[Data extracted from a collection]
◇ ◇ ◇

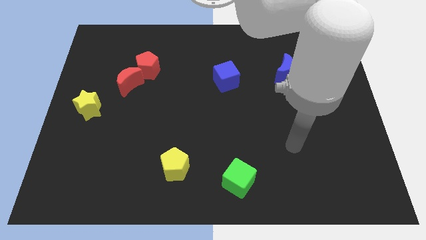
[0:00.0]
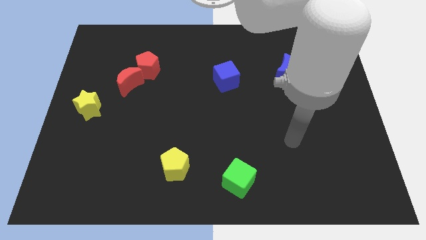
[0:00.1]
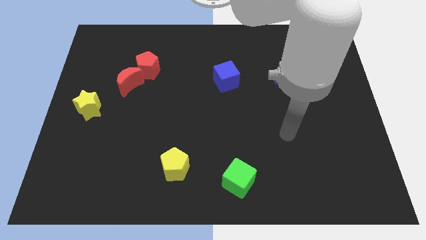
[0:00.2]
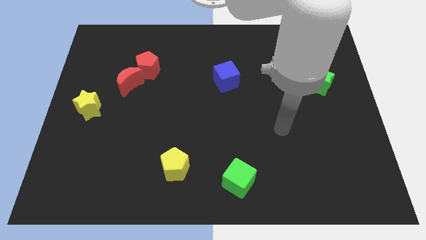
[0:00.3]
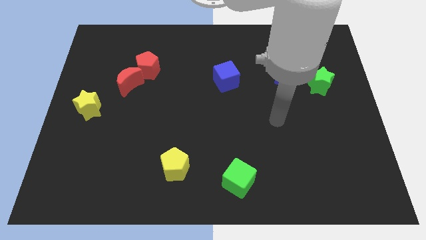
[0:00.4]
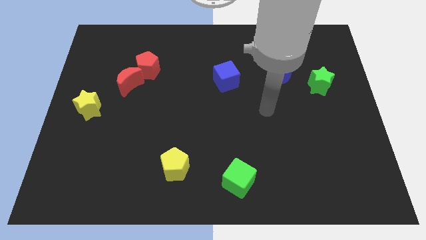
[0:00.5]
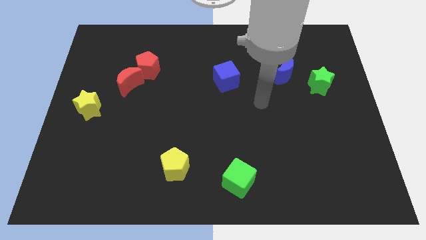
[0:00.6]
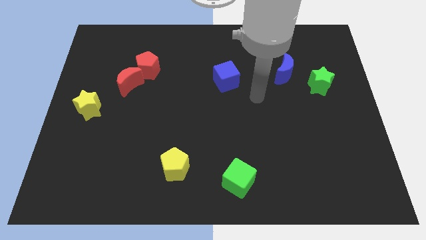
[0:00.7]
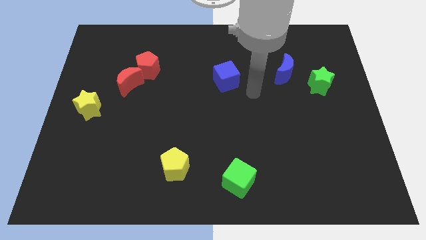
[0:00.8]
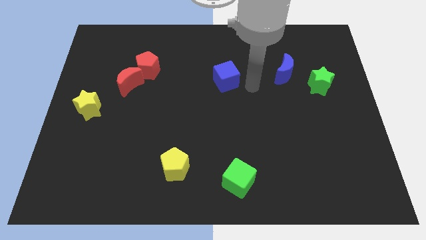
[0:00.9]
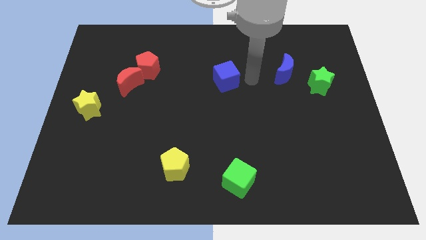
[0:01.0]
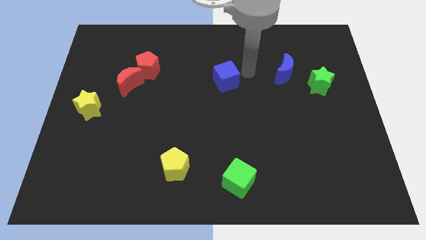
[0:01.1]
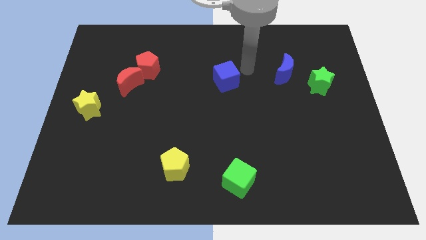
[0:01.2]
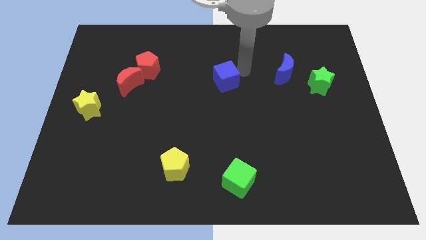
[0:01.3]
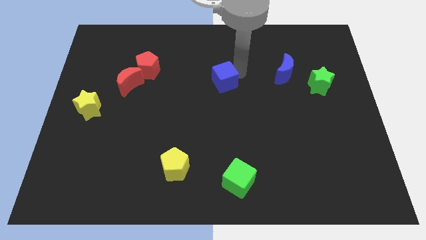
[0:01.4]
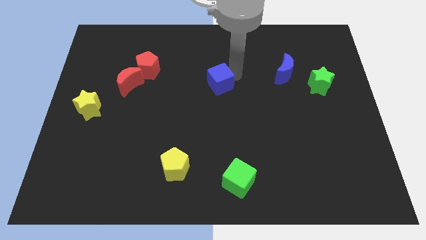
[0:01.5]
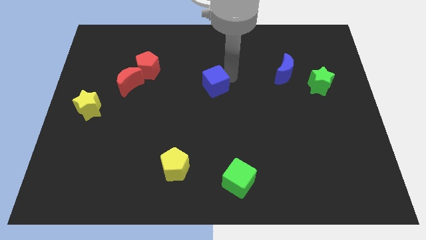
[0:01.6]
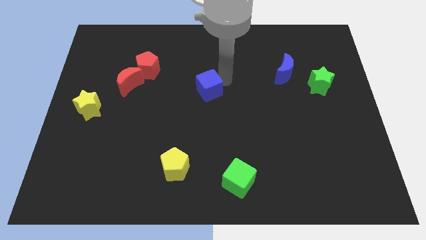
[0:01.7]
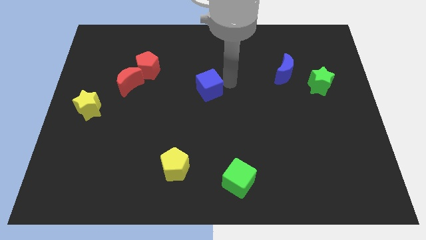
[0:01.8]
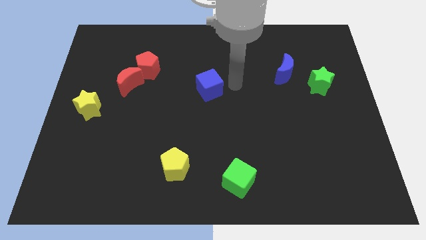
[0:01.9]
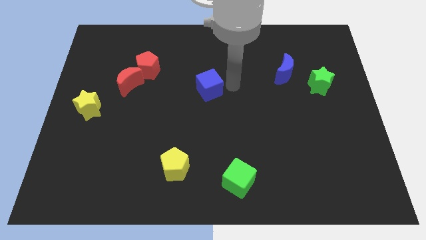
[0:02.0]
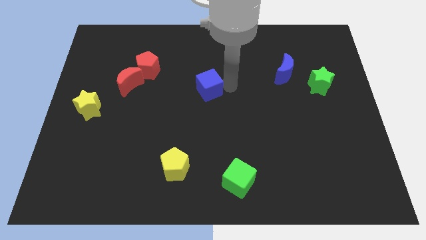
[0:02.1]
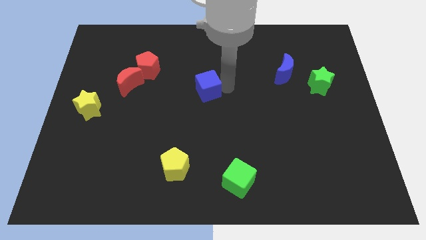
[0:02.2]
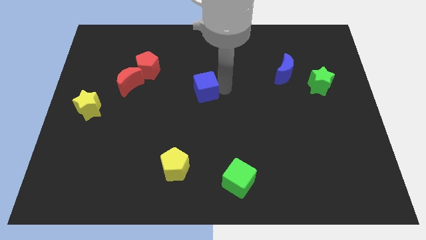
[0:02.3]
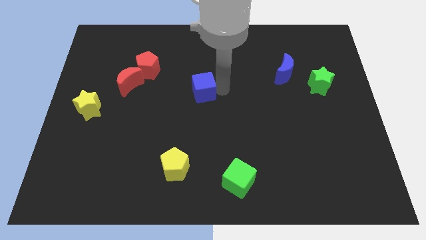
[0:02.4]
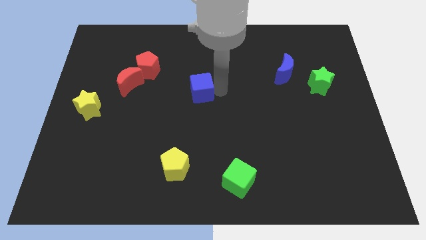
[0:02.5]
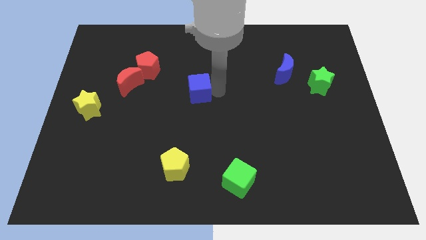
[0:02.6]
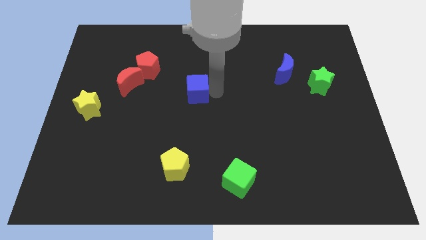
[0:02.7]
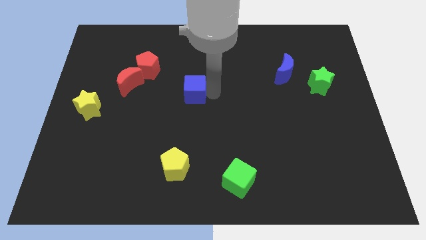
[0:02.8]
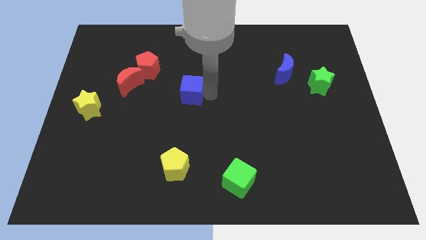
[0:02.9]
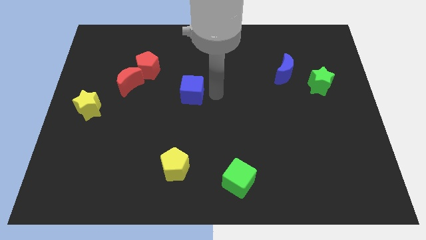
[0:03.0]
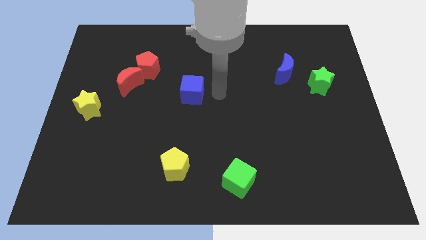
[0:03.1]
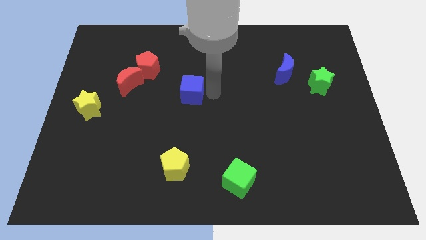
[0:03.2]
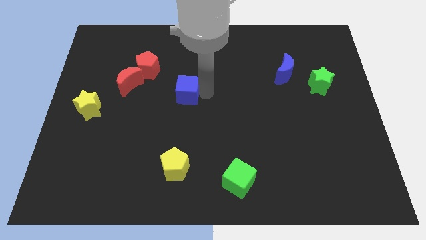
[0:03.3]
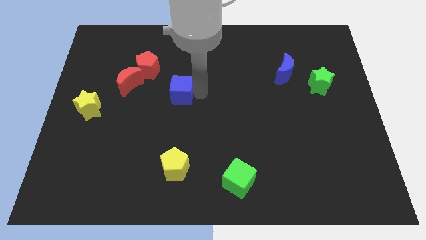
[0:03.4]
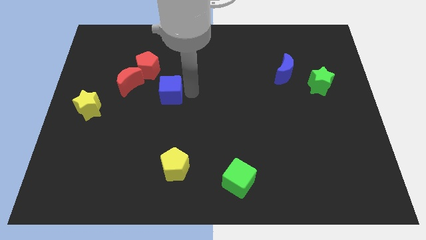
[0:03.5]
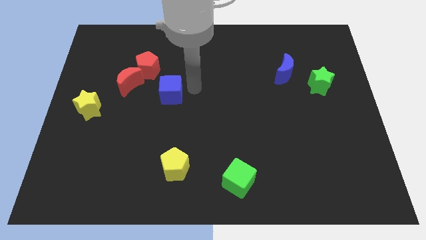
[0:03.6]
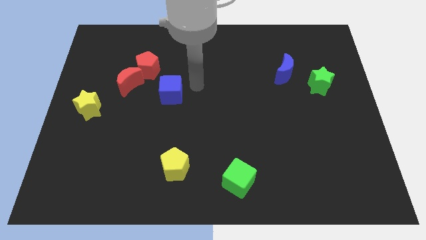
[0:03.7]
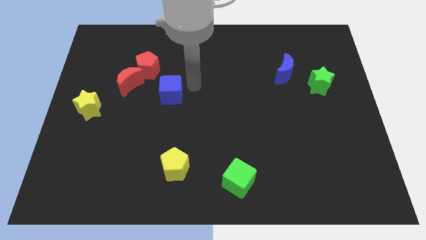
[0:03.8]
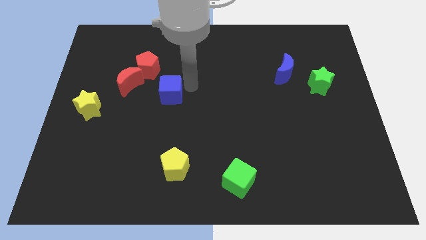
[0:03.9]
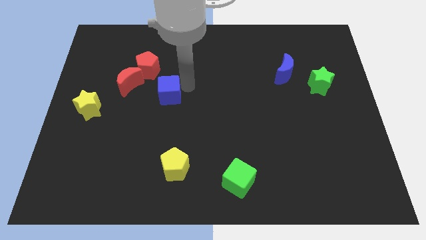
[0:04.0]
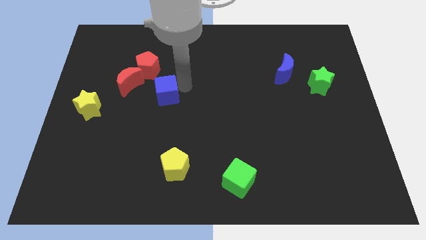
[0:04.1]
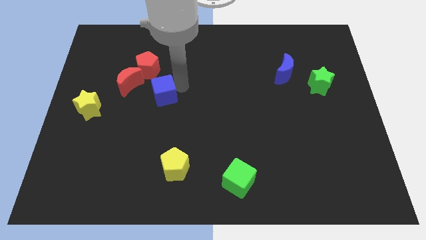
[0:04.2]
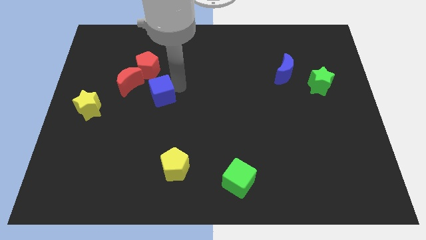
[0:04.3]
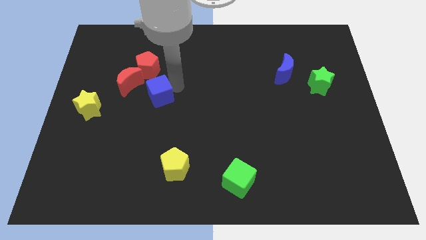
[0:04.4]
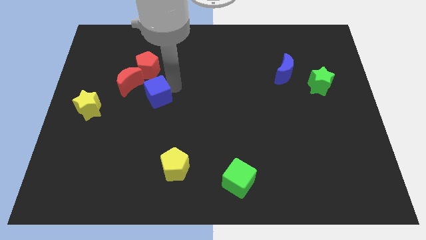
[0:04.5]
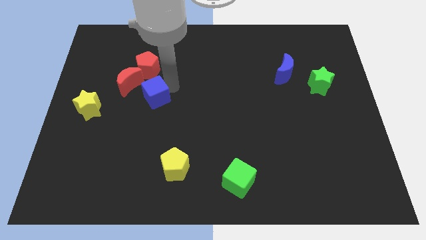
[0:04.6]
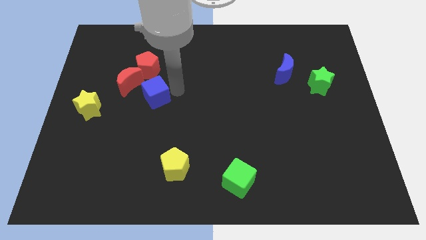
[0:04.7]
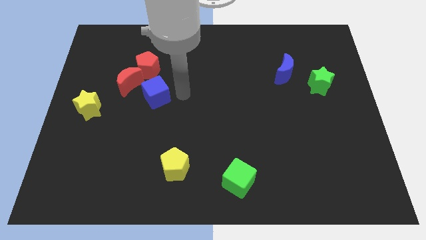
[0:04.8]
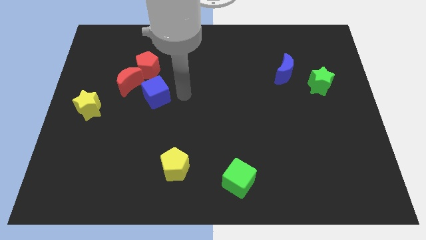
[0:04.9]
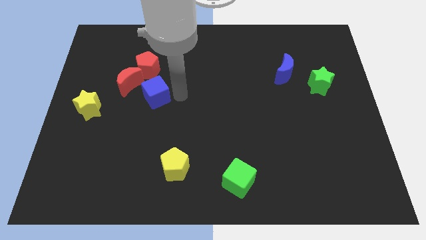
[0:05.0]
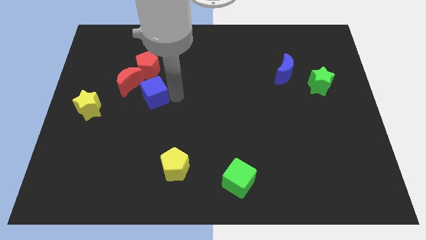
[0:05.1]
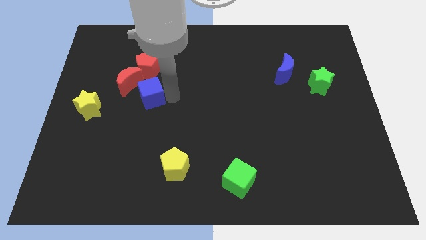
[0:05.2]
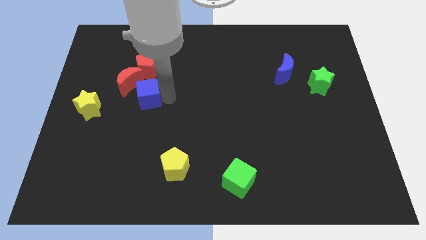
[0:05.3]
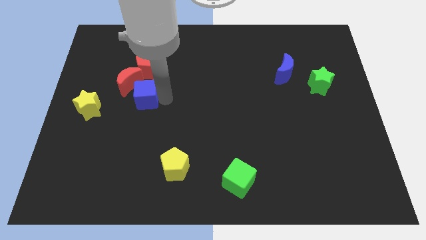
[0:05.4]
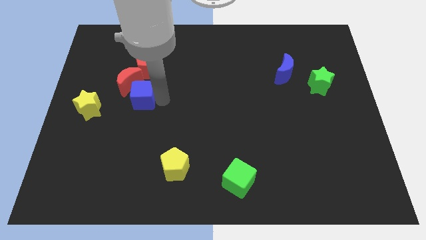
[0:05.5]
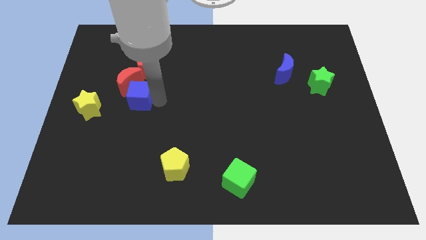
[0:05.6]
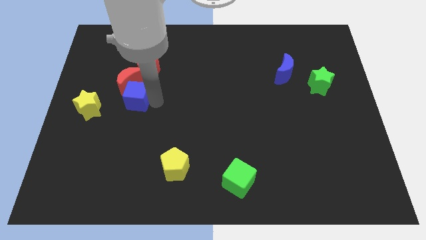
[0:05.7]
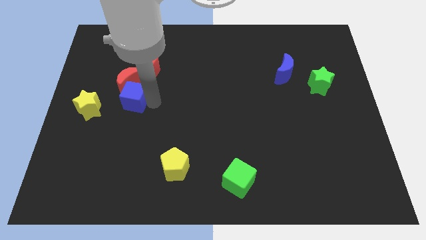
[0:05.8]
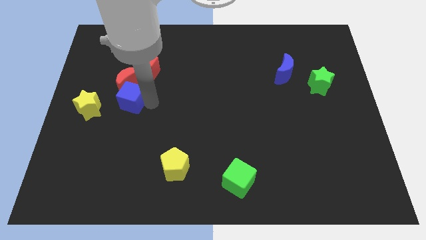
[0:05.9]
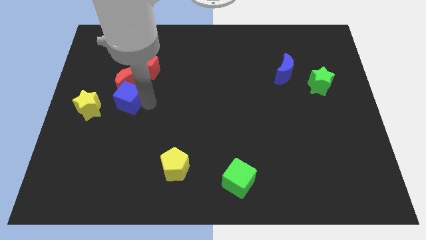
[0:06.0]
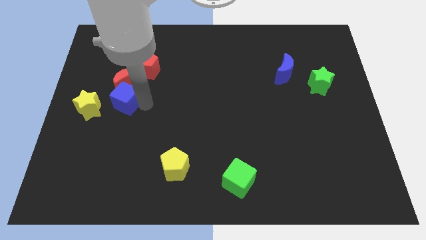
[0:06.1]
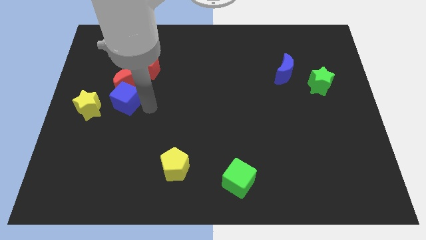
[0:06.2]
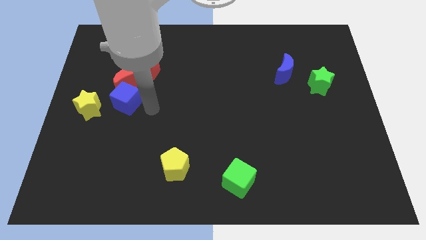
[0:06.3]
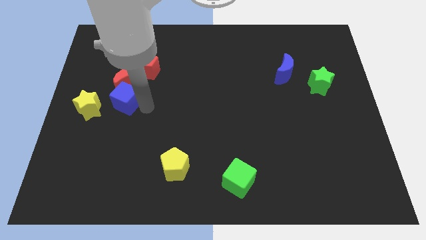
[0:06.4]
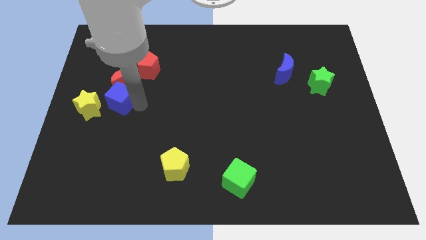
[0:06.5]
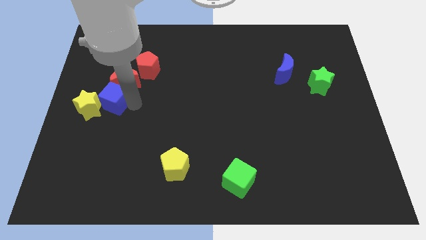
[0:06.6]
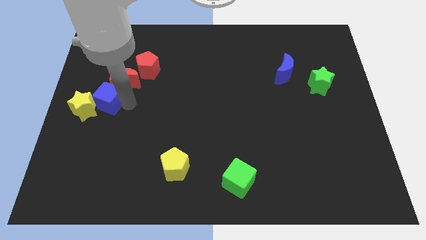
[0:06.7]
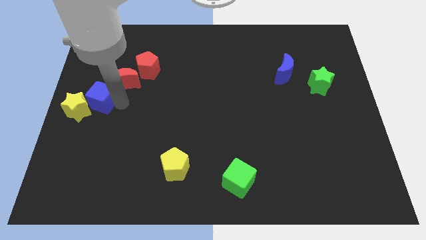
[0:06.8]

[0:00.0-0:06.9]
slide the blue cube to the left side of the board

◇ ◇ ◇

- **EXERCISE DESCRIPTION**:
Except for the pictures, give the data again word for word.

- **ANSWER AREA**:
[0:00.0]
[0:00.1]
[0:00.2]
[0:00.3]
[0:00.4]
[0:00.5]
[0:00.6]
[0:00.7]
[0:00.8]
[0:00.9]
[0:01.0]
[0:01.1]
[0:01.2]
[0:01.3]
[0:01.4]
[0:01.5]
[0:01.6]
[0:01.7]
[0:01.8]
[0:01.9]
[0:02.0]
[0:02.1]
[0:02.2]
[0:02.3]
[0:02.4]
[0:02.5]
[0:02.6]
[0:02.7]
[0:02.8]
[0:02.9]
[0:03.0]
[0:03.1]
[0:03.2]
[0:03.3]
[0:03.4]
[0:03.5]
[0:03.6]
[0:03.7]
[0:03.8]
[0:03.9]
[0:04.0]
[0:04.1]
[0:04.2]
[0:04.3]
[0:04.4]
[0:04.5]
[0:04.6]
[0:04.7]
[0:04.8]
[0:04.9]
[0:05.0]
[0:05.1]
[0:05.2]
[0:05.3]
[0:05.4]
[0:05.5]
[0:05.6]
[0:05.7]
[0:05.8]
[0:05.9]
[0:06.0]
[0:06.1]
[0:06.2]
[0:06.3]
[0:06.4]
[0:06.5]
[0:06.6]
[0:06.7]
[0:06.8]

[0:00.0-0:06.9]
slide the blue cube to the left side of the board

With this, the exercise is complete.